▶ _To do_:
The entries that follow need to be printed exactly as they are, minus any pictures.

▶ _Records provided_:
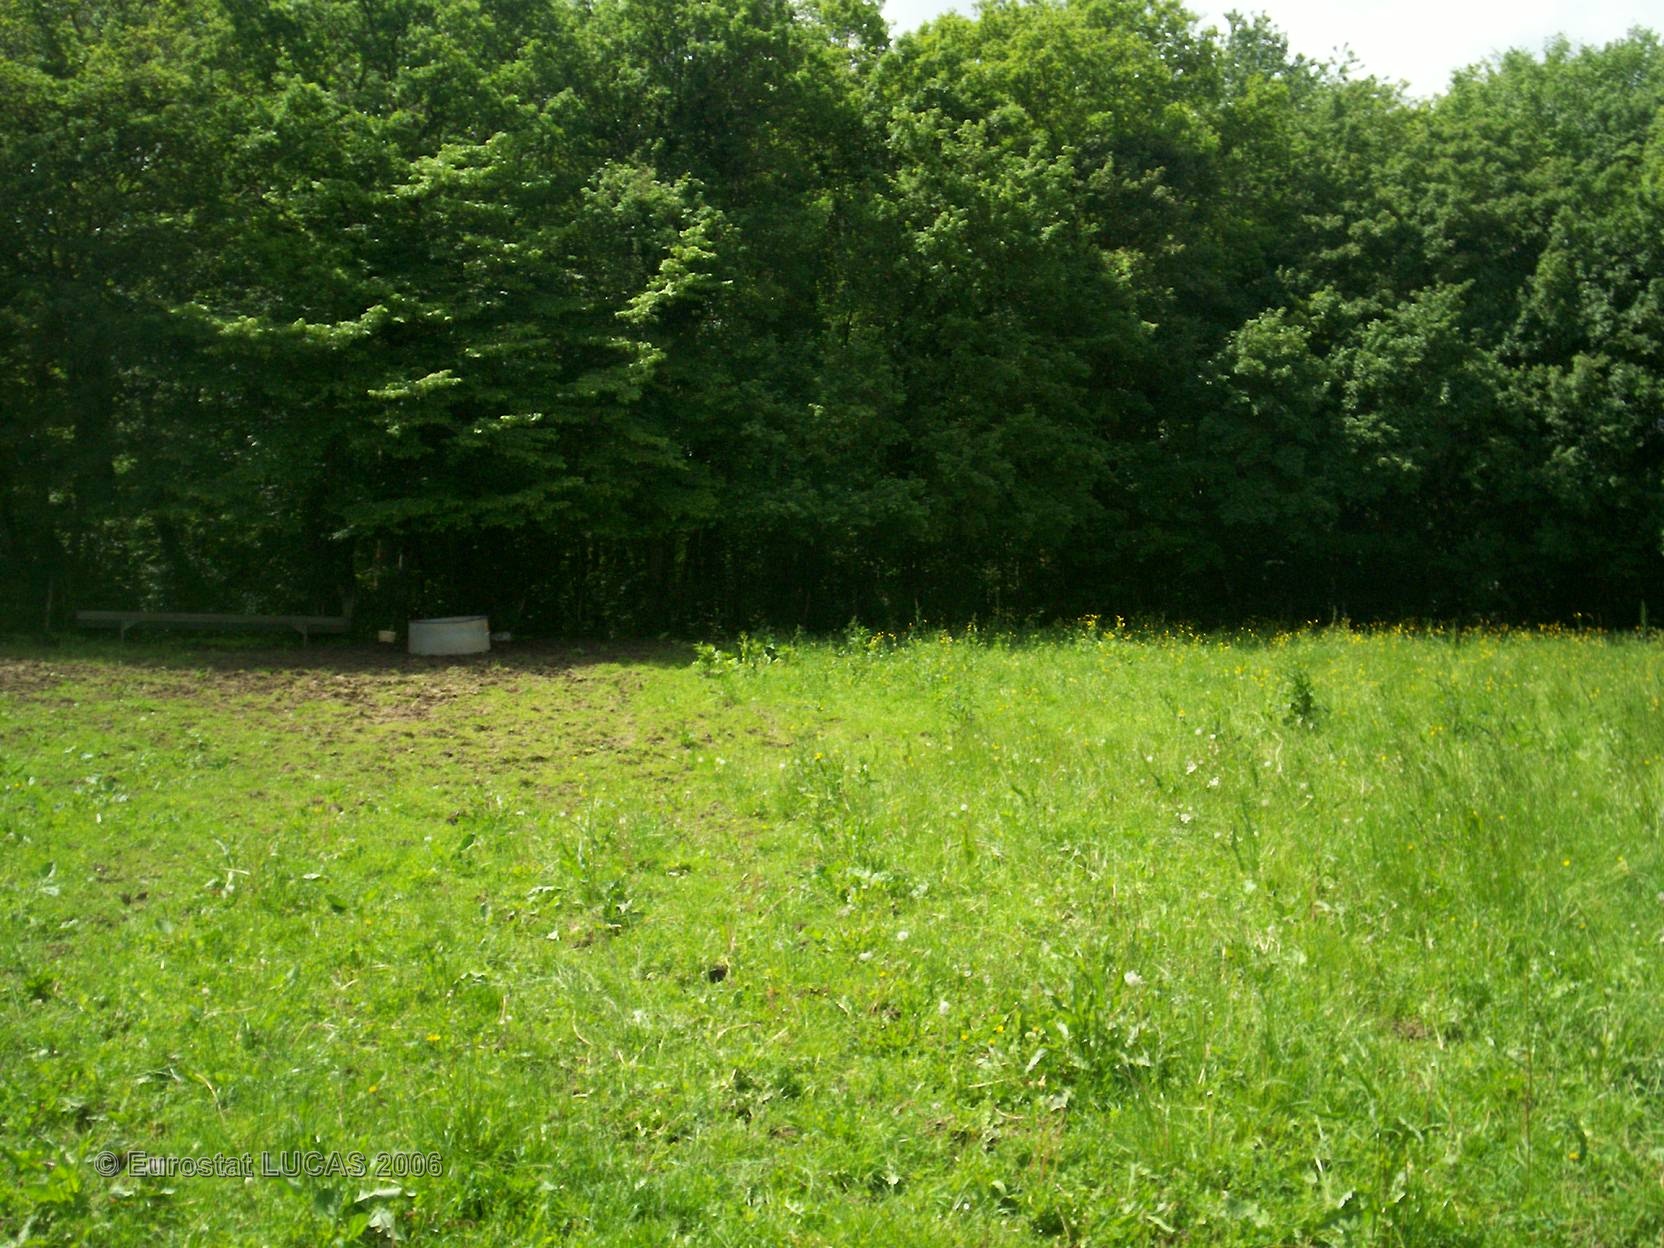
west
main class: Grassland
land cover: Grassland without tree/shrub cover
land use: Agriculture (excluding fallow land and kitchen gardens)
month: May
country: FR
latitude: 46.9907
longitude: 4.5962
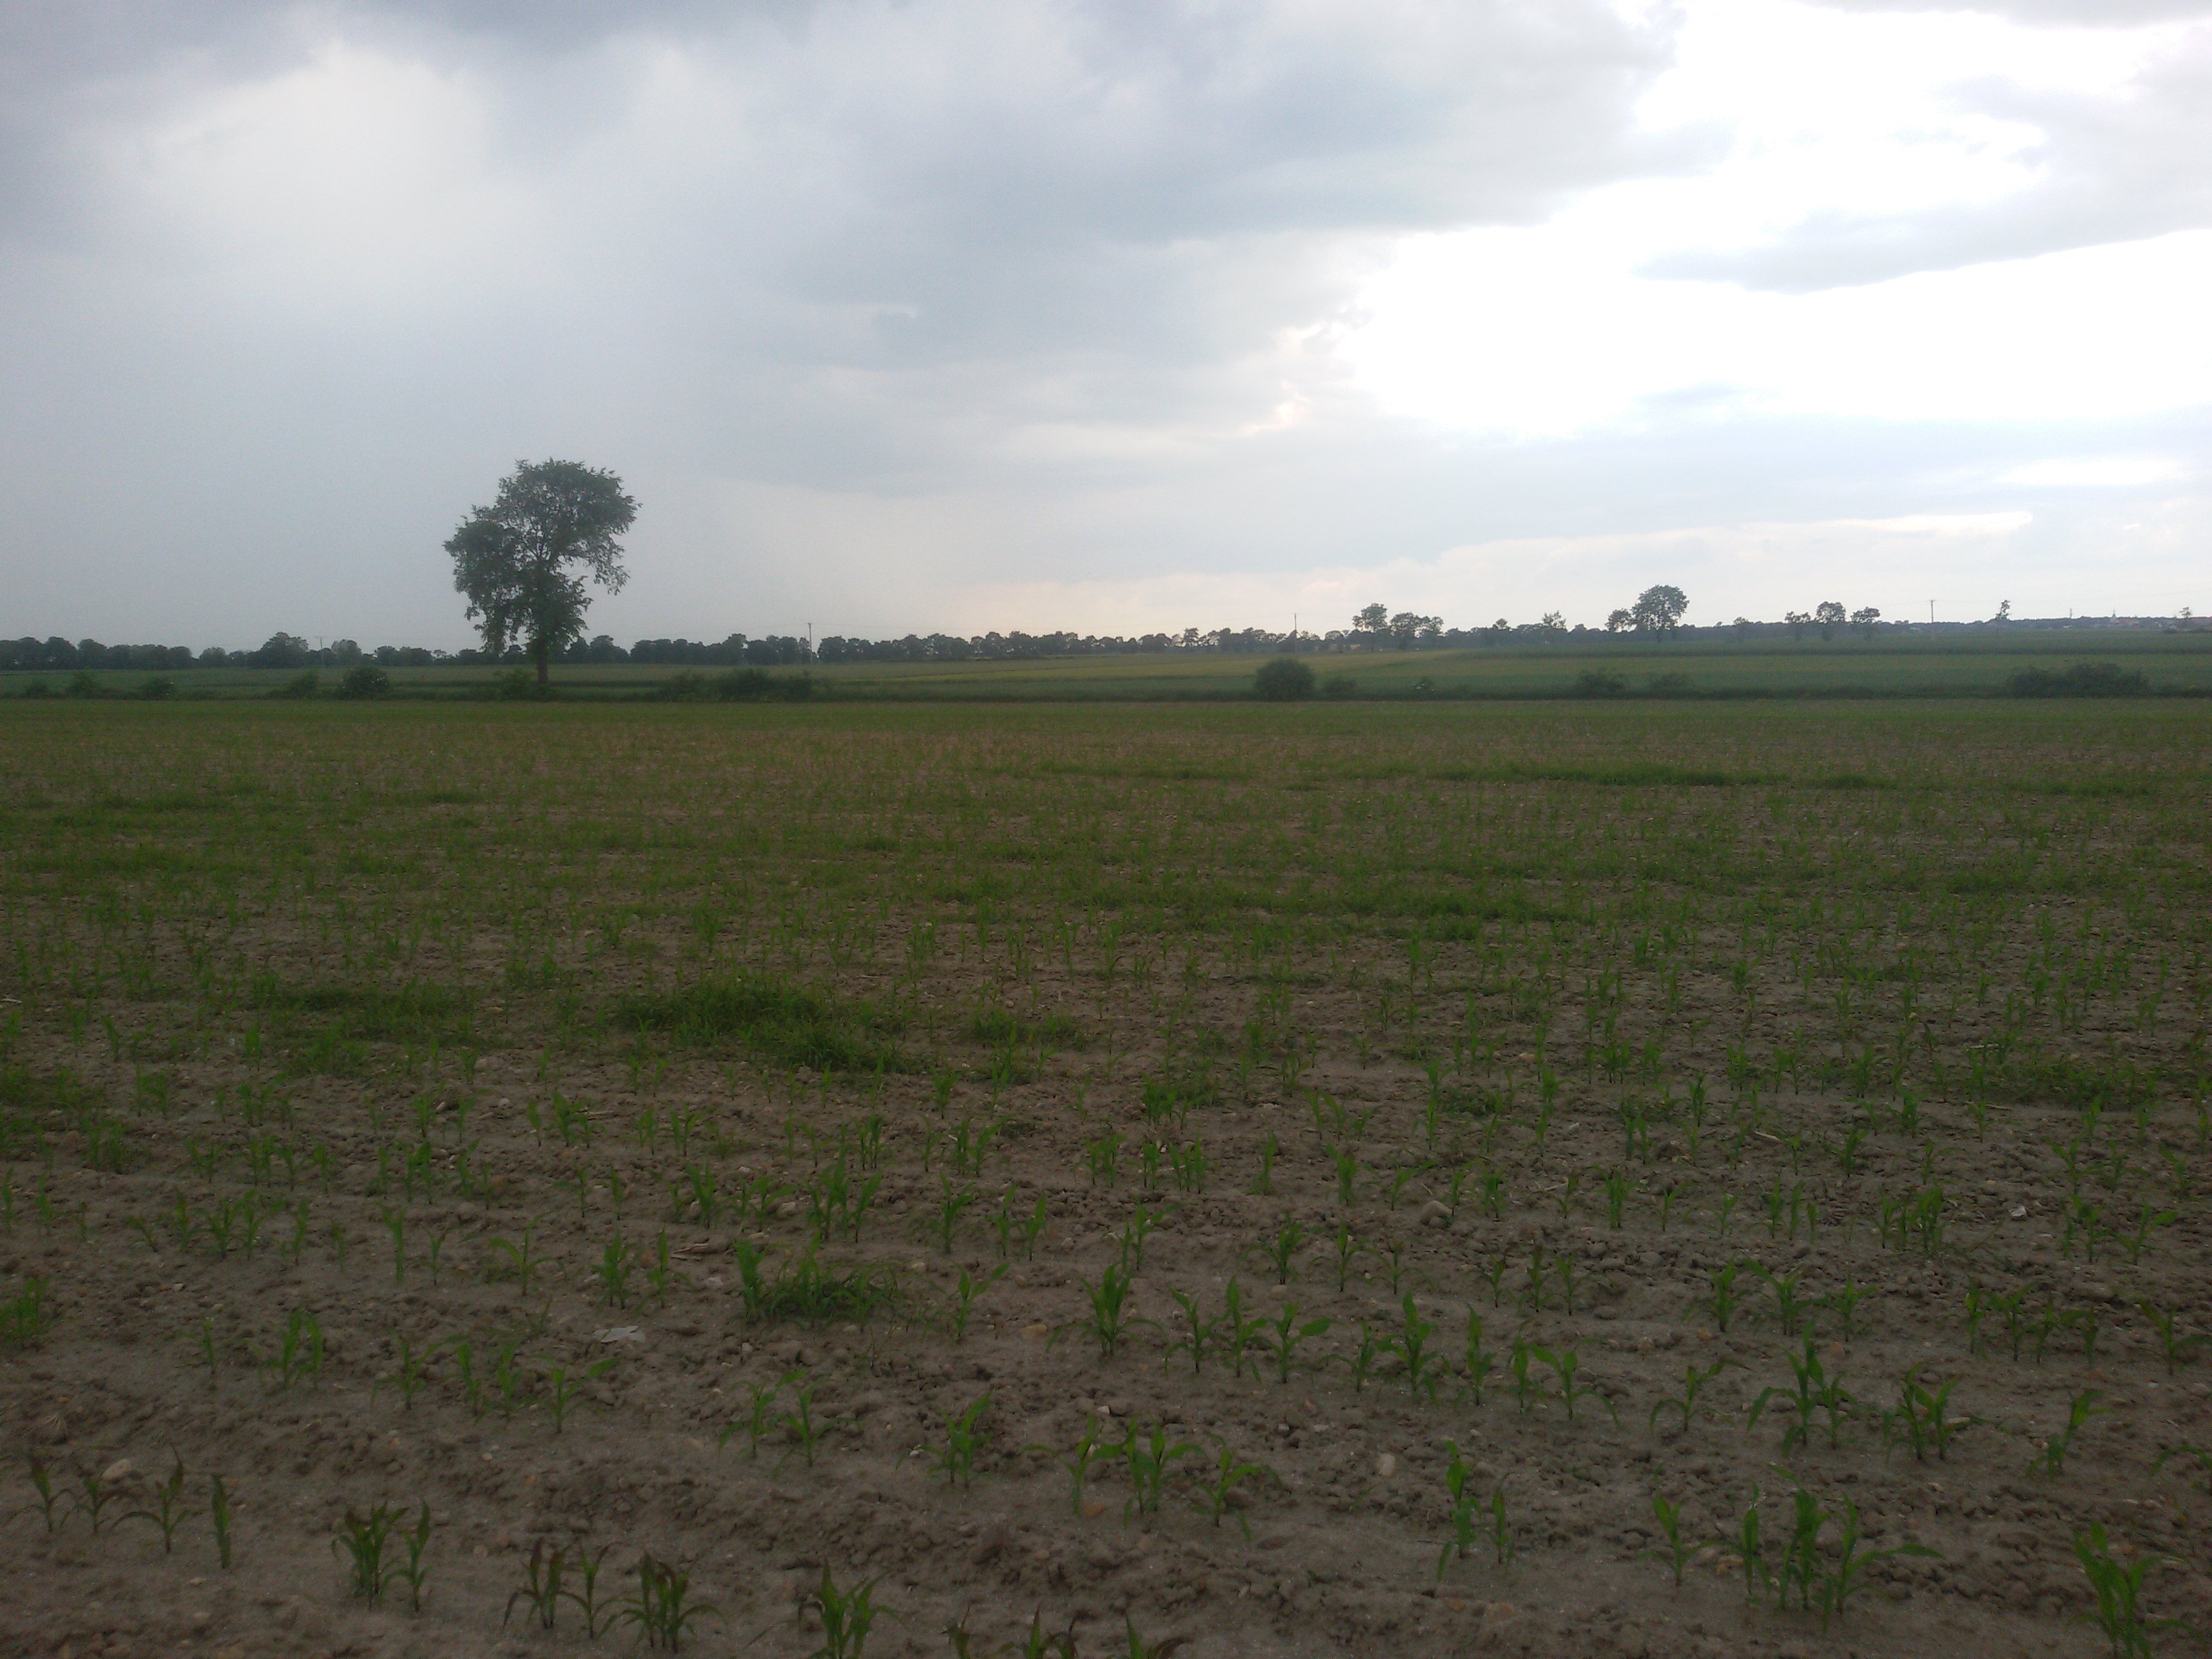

▶ _Your solution_:
west
main class: Grassland
land cover: Grassland without tree/shrub cover
land use: Agriculture (excluding fallow land and kitchen gardens)
month: May
country: FR
latitude: 46.9907
longitude: 4.5962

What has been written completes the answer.